Coors is responsible for over twenty different brands of beer[16] in North America. The most notable of those brands are:
On October 9, 2007, SABMiller and Molson Coors Brewing Company announced a joint venture to be known as MillerCoors for their US operations that will market all of their products.[23]
Coors sponsored Premiership side Chelsea FC 1995–1997, while current sister Carling was title sponsor of the Premier League from 1993–2001 and currently sponsors the Football League Cup. The two brands also sponsor Rangers and Celtic. The clubs have worn uniforms with Coors Light logos for exhibitions in North America, while elsewhere the uniforms promote Carling, which is not offered in the U.S.

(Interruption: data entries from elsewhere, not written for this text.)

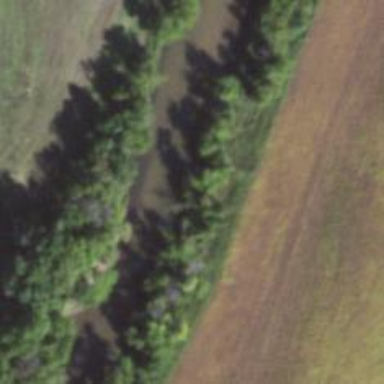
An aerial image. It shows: Row of trees along waterway.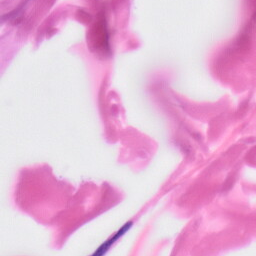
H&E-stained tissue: Skin
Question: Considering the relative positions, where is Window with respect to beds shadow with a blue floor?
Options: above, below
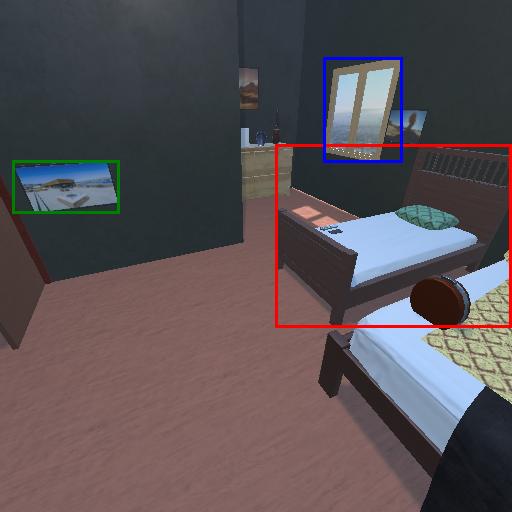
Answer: above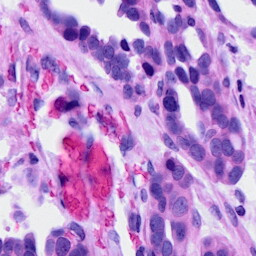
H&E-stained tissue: Ovarian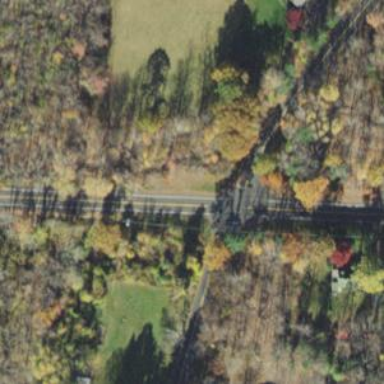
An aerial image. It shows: Road with stop sign.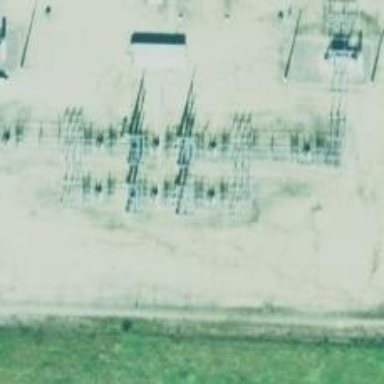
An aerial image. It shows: Switch used for power control.
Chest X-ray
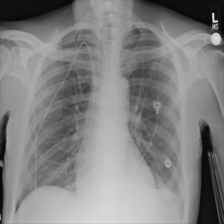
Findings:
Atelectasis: positive
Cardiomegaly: negative
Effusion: positive
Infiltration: negative
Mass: negative
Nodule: negative
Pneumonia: negative
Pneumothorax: negative
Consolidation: negative
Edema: negative
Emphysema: negative
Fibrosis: negative
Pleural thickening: negative
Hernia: negative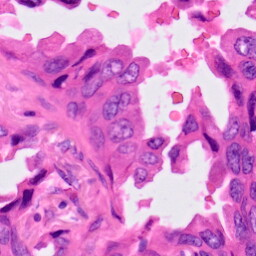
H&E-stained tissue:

"Official" beer sponsor of the NFL and NASCAR.[24]
Coors and/or Molson are beer sponsors of the NHL's Colorado Avalanche, Detroit Red Wings, Phoenix Coyotes and all six Canadian teams. The company owns 20% of the Montreal Canadiens; Colorado's George Gillett owns the other 80%.
In addition to its official NASCAR sponsorship, Coors Light has regularly sponsored cars in the series, most recently for Chip Ganassi Racing. Drivers to have Coors backing have included David Stremme, Bill Elliott, Robby Gordon, Sterling Marlin, and Kyle Petty.
Coors holds the naming rights to Coors Field in Denver, Colorado, home of the Colorado Rockies baseball team.
The Coors Events Center on the campus of the University of Colorado at Boulder in Boulder, Colorado is named after Coors.
Coors has sponsored English rugby league side Workington Town from the 2007 season, as well as the Belfast Giants.